Hand Carved Walnut Table made and signed by James Monroe Camp 1975 California woodworker solid walnut sculptured table by woodworker J. Camp

Creator:                                             James Monroe Camp (designer)

Place of origin:                                  United States

date of manufacture:                        1970s

Period:                                                1970 – 1979

Materials and techniques:              carved walnut

Measurements:                                 15″ Tall x 15″ deep x 31″ wide

Condition:                                          excellent wear to the bottom left corner

Description: The shaped rounded rectangular table on hand carved rounded wooden legs.
Extra Notes:    This is, by the renowned Philadelphian wood sculptor James Monroe Camp. He is known in the Philadelphia area for being one of the African American artists who exhibited at the African Diasporas Festival for Arts and Culture in Lagos, Nigeria. His works are sought after amongst collectors.

Through connections with a Philadelphia theater owner, Mr. Camp was commissioned to make wood creations for Hollywood movie stars. With his unusually large hands, Mr.
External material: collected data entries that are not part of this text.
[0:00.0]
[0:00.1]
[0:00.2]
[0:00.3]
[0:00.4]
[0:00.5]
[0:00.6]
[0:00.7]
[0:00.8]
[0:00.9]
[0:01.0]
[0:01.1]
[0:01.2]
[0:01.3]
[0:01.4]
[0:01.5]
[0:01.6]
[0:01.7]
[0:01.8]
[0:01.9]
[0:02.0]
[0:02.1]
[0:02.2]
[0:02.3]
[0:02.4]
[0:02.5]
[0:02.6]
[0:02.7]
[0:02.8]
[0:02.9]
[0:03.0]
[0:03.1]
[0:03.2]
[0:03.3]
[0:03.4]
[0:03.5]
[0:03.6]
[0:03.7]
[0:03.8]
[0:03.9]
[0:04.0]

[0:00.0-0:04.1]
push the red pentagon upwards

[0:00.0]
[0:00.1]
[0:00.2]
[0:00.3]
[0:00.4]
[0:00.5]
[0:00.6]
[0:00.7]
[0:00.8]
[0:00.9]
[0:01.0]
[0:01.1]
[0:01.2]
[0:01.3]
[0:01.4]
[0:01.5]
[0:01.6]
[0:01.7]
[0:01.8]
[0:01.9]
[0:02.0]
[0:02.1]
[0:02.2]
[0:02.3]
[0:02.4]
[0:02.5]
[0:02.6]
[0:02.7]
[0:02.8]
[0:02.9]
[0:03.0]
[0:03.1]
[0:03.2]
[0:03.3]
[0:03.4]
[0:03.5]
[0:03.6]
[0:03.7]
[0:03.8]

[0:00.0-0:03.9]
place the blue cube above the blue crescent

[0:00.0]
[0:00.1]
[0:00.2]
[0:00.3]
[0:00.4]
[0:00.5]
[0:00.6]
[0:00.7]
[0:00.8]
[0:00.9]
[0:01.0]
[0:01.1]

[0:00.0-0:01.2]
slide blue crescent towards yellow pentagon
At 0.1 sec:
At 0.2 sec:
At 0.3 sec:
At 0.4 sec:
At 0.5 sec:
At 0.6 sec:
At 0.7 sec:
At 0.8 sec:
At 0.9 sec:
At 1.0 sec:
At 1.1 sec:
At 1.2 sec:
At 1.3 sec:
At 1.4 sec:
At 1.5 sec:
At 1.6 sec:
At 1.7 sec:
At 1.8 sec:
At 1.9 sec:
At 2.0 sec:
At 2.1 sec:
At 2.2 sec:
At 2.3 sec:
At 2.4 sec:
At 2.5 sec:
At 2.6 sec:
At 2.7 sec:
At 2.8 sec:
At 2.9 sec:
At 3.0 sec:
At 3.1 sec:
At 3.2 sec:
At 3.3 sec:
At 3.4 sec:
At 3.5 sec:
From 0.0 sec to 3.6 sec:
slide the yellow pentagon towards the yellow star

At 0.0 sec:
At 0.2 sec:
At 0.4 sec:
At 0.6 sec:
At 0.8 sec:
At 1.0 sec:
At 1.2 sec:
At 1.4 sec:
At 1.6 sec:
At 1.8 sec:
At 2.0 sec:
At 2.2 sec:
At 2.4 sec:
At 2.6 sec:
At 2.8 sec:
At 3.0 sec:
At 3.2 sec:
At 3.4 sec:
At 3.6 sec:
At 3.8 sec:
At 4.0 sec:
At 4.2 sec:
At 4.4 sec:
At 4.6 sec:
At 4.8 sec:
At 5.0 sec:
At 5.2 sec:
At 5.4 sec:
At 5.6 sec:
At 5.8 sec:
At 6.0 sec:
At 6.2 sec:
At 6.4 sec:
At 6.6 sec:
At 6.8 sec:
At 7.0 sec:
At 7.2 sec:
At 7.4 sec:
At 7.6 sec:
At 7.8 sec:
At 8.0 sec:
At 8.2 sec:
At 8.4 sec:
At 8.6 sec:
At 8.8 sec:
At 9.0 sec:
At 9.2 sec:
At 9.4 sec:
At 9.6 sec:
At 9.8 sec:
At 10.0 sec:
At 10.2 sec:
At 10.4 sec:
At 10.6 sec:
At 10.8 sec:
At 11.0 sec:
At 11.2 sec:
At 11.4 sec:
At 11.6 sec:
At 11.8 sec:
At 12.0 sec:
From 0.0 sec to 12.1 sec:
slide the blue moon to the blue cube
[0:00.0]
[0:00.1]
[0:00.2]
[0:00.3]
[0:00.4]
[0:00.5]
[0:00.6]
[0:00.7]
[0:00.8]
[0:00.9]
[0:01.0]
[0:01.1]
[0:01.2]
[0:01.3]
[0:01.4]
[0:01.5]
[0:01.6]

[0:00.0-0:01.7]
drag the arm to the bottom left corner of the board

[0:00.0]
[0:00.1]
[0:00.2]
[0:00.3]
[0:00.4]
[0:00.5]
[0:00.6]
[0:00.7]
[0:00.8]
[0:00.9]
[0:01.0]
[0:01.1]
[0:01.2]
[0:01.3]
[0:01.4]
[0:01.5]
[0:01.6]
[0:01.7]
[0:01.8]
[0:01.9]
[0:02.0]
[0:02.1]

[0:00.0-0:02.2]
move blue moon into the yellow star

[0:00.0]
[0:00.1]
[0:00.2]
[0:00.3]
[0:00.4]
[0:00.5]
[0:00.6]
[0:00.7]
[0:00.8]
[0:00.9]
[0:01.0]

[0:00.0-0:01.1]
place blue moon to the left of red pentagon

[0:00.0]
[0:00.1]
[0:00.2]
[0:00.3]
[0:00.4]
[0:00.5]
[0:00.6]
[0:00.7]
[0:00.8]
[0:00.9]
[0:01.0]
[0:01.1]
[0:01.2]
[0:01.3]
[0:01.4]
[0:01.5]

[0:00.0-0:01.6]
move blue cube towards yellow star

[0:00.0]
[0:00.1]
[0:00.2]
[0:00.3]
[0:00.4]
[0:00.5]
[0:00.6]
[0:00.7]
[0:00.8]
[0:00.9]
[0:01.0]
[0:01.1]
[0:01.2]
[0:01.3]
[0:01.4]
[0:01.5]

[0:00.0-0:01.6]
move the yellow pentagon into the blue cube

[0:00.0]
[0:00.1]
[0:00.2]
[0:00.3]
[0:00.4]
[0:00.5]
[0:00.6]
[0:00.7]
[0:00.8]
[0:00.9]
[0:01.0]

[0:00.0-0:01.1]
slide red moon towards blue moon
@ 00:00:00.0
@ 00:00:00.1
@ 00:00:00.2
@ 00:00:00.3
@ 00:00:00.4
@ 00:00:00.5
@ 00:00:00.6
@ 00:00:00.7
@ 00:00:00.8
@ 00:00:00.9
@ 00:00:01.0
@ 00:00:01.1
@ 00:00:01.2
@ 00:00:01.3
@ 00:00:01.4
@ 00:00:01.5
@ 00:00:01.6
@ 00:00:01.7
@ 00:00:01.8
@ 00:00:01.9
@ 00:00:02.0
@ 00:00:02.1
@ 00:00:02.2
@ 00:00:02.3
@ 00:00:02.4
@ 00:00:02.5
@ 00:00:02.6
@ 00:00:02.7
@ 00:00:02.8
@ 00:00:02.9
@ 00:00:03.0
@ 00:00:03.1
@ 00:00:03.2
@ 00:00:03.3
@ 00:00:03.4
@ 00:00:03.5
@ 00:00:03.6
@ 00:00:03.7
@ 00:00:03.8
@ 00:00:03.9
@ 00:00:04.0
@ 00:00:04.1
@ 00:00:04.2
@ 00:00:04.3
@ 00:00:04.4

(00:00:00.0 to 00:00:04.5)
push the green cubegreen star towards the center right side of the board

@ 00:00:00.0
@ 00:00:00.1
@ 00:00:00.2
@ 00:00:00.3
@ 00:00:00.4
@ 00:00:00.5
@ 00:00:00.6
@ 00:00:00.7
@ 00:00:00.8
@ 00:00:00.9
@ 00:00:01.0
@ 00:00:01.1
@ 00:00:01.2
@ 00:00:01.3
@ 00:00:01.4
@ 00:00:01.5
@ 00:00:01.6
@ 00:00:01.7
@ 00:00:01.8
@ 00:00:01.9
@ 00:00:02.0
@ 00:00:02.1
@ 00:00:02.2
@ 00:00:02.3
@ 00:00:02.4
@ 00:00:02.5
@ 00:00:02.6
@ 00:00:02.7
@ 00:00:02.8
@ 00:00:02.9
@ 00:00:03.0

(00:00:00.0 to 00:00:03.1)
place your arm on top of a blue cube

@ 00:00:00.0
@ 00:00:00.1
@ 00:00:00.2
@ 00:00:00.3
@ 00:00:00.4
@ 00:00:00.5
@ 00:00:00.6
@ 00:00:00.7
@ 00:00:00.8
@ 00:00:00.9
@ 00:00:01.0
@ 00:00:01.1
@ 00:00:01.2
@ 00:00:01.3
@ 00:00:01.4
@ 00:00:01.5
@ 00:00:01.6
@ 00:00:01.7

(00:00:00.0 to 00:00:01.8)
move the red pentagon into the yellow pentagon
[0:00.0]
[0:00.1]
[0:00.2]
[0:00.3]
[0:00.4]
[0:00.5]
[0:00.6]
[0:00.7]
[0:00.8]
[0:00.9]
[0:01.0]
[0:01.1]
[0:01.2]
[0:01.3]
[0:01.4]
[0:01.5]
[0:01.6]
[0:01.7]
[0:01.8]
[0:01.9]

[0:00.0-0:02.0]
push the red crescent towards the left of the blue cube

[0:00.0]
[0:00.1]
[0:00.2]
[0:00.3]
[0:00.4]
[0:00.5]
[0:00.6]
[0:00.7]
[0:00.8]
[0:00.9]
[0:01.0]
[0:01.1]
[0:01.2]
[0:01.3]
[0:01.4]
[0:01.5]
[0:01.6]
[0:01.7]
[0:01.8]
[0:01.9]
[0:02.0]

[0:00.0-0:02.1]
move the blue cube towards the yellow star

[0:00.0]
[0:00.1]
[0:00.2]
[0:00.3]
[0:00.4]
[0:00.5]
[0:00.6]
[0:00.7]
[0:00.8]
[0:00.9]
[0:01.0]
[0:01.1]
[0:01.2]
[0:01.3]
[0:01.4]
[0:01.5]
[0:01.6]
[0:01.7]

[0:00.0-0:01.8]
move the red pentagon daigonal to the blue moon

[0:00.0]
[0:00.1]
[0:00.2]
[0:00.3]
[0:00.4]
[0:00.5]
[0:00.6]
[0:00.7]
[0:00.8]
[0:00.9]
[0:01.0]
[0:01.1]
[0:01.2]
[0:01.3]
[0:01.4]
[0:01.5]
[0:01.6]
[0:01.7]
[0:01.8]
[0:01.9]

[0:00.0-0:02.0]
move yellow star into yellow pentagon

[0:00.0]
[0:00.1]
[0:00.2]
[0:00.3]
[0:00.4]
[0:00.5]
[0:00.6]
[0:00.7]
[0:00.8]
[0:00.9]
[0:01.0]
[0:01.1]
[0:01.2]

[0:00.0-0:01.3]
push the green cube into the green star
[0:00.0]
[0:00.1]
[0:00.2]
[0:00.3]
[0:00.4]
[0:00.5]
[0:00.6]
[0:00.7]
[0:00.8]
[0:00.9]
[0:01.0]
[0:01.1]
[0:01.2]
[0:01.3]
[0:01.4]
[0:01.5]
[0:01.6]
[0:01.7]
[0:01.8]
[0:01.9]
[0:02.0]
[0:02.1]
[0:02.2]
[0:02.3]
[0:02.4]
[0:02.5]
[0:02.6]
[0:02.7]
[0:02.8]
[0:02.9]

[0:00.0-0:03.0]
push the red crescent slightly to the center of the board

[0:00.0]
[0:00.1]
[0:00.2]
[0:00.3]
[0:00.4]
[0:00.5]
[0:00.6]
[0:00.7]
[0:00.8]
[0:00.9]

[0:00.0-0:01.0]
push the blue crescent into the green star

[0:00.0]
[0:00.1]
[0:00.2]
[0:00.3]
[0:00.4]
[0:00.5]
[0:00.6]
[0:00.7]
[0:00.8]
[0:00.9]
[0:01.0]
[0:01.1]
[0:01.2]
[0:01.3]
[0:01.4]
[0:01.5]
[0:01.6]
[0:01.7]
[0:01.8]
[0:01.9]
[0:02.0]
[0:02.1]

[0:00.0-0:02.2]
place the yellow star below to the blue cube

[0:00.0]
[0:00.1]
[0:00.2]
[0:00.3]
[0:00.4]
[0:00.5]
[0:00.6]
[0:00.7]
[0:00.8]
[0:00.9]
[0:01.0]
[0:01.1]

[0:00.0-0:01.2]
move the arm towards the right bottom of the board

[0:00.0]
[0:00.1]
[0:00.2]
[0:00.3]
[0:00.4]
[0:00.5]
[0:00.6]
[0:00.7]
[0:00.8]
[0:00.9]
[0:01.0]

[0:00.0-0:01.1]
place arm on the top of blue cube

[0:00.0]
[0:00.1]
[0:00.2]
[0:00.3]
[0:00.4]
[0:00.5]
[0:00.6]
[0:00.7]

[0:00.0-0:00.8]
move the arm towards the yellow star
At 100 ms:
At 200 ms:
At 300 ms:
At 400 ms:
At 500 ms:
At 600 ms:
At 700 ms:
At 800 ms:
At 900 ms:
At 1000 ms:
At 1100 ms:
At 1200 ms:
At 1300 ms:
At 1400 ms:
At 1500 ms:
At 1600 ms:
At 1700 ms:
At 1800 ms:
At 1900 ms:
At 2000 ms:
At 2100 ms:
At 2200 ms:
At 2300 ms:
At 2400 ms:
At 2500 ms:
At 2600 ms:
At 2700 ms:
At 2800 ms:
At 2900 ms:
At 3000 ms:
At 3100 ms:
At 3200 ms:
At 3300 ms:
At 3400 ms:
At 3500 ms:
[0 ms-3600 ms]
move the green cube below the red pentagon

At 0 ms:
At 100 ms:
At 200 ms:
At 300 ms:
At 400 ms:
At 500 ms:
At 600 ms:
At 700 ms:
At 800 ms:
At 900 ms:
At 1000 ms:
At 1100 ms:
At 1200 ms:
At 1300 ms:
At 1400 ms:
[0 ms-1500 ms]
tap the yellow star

Camp made the pieces for Sinatra (who wrote “You’re an absolute genius” in a thank-you note) and Davis, and a chess table and stool set for John Wayne.

Mr. Camp’s hand-carved six-foot mahogany crucifix hangs in the Absalom Jones Altar Chapel in the African Episcopal Church of St. Thomas, in Overbrook. His noted works include a spine-back rocking chair and Black Matriarch, which was featured in The Inquirer with a story about the Lewis Tanner Moore “In Search of Missing Masters” exhibit at the Woodmere Art Museum in Chestnut Hill.

Mr. Camp was among the African American artists who represented the U.S. in the African Diasporas exhibit in the Festival for Arts and Culture in Lagos, Nigeria, in 1977. The group included artists Nelson Stevens, Jeff Donaldson and Januwa Moja and dancer Chuck Davis.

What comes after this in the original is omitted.